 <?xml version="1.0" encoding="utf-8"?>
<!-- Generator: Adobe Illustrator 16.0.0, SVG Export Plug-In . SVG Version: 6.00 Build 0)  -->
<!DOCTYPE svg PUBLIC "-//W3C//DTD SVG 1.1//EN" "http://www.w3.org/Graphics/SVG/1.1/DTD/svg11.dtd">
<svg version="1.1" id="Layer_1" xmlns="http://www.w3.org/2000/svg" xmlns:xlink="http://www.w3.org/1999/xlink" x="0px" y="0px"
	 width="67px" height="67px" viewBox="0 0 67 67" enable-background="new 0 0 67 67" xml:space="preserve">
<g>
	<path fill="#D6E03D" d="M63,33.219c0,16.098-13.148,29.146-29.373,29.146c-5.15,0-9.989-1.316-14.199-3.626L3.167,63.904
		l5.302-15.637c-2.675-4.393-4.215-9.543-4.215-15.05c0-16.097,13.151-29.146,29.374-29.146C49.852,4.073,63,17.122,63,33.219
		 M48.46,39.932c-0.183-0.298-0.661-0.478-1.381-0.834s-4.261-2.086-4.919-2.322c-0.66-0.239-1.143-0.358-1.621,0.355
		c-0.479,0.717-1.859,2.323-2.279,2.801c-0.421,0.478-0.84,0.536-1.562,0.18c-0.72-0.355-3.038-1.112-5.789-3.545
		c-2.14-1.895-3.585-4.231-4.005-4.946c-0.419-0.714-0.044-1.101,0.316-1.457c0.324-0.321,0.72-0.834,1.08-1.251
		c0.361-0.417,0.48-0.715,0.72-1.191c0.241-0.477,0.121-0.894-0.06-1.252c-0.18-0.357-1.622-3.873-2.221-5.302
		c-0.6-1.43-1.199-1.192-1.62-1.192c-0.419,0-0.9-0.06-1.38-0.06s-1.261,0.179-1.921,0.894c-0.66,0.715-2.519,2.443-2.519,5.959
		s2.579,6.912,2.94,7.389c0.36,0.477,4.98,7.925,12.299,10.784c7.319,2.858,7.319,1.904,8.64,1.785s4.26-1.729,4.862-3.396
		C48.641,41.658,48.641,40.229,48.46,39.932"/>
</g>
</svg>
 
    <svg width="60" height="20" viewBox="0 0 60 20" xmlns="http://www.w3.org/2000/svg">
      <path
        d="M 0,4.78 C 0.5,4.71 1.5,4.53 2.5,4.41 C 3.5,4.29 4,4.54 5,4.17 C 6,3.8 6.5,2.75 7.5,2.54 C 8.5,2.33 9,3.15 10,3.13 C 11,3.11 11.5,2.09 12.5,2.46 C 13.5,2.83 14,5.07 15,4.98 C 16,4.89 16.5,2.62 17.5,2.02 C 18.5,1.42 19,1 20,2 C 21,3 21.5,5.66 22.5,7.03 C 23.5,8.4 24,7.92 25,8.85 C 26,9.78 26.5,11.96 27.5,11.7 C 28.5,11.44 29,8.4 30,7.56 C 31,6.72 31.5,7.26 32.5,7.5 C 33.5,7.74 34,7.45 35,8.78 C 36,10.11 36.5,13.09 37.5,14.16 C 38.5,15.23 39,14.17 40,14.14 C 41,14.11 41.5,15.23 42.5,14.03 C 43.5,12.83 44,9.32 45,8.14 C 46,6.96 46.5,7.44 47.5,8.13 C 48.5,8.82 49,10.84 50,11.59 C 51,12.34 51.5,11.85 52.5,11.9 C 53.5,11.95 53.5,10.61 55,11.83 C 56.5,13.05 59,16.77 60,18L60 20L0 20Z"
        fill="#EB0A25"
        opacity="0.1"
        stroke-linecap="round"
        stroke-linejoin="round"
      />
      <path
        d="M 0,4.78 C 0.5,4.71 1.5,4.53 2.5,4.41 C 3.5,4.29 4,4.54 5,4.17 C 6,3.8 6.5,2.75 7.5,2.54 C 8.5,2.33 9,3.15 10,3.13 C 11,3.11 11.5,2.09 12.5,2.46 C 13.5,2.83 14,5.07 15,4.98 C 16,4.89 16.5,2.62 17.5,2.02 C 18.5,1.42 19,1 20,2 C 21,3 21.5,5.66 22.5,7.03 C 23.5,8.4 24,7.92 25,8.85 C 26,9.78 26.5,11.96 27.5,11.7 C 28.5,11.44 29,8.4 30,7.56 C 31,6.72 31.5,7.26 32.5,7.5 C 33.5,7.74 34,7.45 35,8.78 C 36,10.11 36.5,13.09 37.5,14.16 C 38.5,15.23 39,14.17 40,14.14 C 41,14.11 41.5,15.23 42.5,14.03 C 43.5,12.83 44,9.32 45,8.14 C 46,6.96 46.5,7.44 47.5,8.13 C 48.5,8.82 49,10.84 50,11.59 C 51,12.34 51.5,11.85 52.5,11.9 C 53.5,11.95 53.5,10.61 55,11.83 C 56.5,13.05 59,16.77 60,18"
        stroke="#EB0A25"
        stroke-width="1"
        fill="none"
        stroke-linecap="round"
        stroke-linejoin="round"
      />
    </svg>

════════════════

## PROBLEM STATEMENT
From the first line to the last, copy the data exactly.

## REPLY
 <?xml version="1.0" encoding="utf-8"?>
<!-- Generator: Adobe Illustrator 16.0.0, SVG Export Plug-In . SVG Version: 6.00 Build 0)  -->
<!DOCTYPE svg PUBLIC "-//W3C//DTD SVG 1.1//EN" "http://www.w3.org/Graphics/SVG/1.1/DTD/svg11.dtd">
<svg version="1.1" id="Layer_1" xmlns="http://www.w3.org/2000/svg" xmlns:xlink="http://www.w3.org/1999/xlink" x="0px" y="0px"
	 width="67px" height="67px" viewBox="0 0 67 67" enable-background="new 0 0 67 67" xml:space="preserve">
<g>
	<path fill="#D6E03D" d="M63,33.219c0,16.098-13.148,29.146-29.373,29.146c-5.15,0-9.989-1.316-14.199-3.626L3.167,63.904
		l5.302-15.637c-2.675-4.393-4.215-9.543-4.215-15.05c0-16.097,13.151-29.146,29.374-29.146C49.852,4.073,63,17.122,63,33.219
		 M48.46,39.932c-0.183-0.298-0.661-0.478-1.381-0.834s-4.261-2.086-4.919-2.322c-0.66-0.239-1.143-0.358-1.621,0.355
		c-0.479,0.717-1.859,2.323-2.279,2.801c-0.421,0.478-0.84,0.536-1.562,0.18c-0.72-0.355-3.038-1.112-5.789-3.545
		c-2.14-1.895-3.585-4.231-4.005-4.946c-0.419-0.714-0.044-1.101,0.316-1.457c0.324-0.321,0.72-0.834,1.08-1.251
		c0.361-0.417,0.48-0.715,0.72-1.191c0.241-0.477,0.121-0.894-0.06-1.252c-0.18-0.357-1.622-3.873-2.221-5.302
		c-0.6-1.43-1.199-1.192-1.62-1.192c-0.419,0-0.9-0.06-1.38-0.06s-1.261,0.179-1.921,0.894c-0.66,0.715-2.519,2.443-2.519,5.959
		s2.579,6.912,2.94,7.389c0.36,0.477,4.98,7.925,12.299,10.784c7.319,2.858,7.319,1.904,8.64,1.785s4.26-1.729,4.862-3.396
		C48.641,41.658,48.641,40.229,48.46,39.932"/>
</g>
</svg>
 
    <svg width="60" height="20" viewBox="0 0 60 20" xmlns="http://www.w3.org/2000/svg">
      <path
        d="M 0,4.78 C 0.5,4.71 1.5,4.53 2.5,4.41 C 3.5,4.29 4,4.54 5,4.17 C 6,3.8 6.5,2.75 7.5,2.54 C 8.5,2.33 9,3.15 10,3.13 C 11,3.11 11.5,2.09 12.5,2.46 C 13.5,2.83 14,5.07 15,4.98 C 16,4.89 16.5,2.62 17.5,2.02 C 18.5,1.42 19,1 20,2 C 21,3 21.5,5.66 22.5,7.03 C 23.5,8.4 24,7.92 25,8.85 C 26,9.78 26.5,11.96 27.5,11.7 C 28.5,11.44 29,8.4 30,7.56 C 31,6.72 31.5,7.26 32.5,7.5 C 33.5,7.74 34,7.45 35,8.78 C 36,10.11 36.5,13.09 37.5,14.16 C 38.5,15.23 39,14.17 40,14.14 C 41,14.11 41.5,15.23 42.5,14.03 C 43.5,12.83 44,9.32 45,8.14 C 46,6.96 46.5,7.44 47.5,8.13 C 48.5,8.82 49,10.84 50,11.59 C 51,12.34 51.5,11.85 52.5,11.9 C 53.5,11.95 53.5,10.61 55,11.83 C 56.5,13.05 59,16.77 60,18L60 20L0 20Z"
        fill="#EB0A25"
        opacity="0.1"
        stroke-linecap="round"
        stroke-linejoin="round"
      />
      <path
        d="M 0,4.78 C 0.5,4.71 1.5,4.53 2.5,4.41 C 3.5,4.29 4,4.54 5,4.17 C 6,3.8 6.5,2.75 7.5,2.54 C 8.5,2.33 9,3.15 10,3.13 C 11,3.11 11.5,2.09 12.5,2.46 C 13.5,2.83 14,5.07 15,4.98 C 16,4.89 16.5,2.62 17.5,2.02 C 18.5,1.42 19,1 20,2 C 21,3 21.5,5.66 22.5,7.03 C 23.5,8.4 24,7.92 25,8.85 C 26,9.78 26.5,11.96 27.5,11.7 C 28.5,11.44 29,8.4 30,7.56 C 31,6.72 31.5,7.26 32.5,7.5 C 33.5,7.74 34,7.45 35,8.78 C 36,10.11 36.5,13.09 37.5,14.16 C 38.5,15.23 39,14.17 40,14.14 C 41,14.11 41.5,15.23 42.5,14.03 C 43.5,12.83 44,9.32 45,8.14 C 46,6.96 46.5,7.44 47.5,8.13 C 48.5,8.82 49,10.84 50,11.59 C 51,12.34 51.5,11.85 52.5,11.9 C 53.5,11.95 53.5,10.61 55,11.83 C 56.5,13.05 59,16.77 60,18"
        stroke="#EB0A25"
        stroke-width="1"
        fill="none"
        stroke-linecap="round"
        stroke-linejoin="round"
      />
    </svg>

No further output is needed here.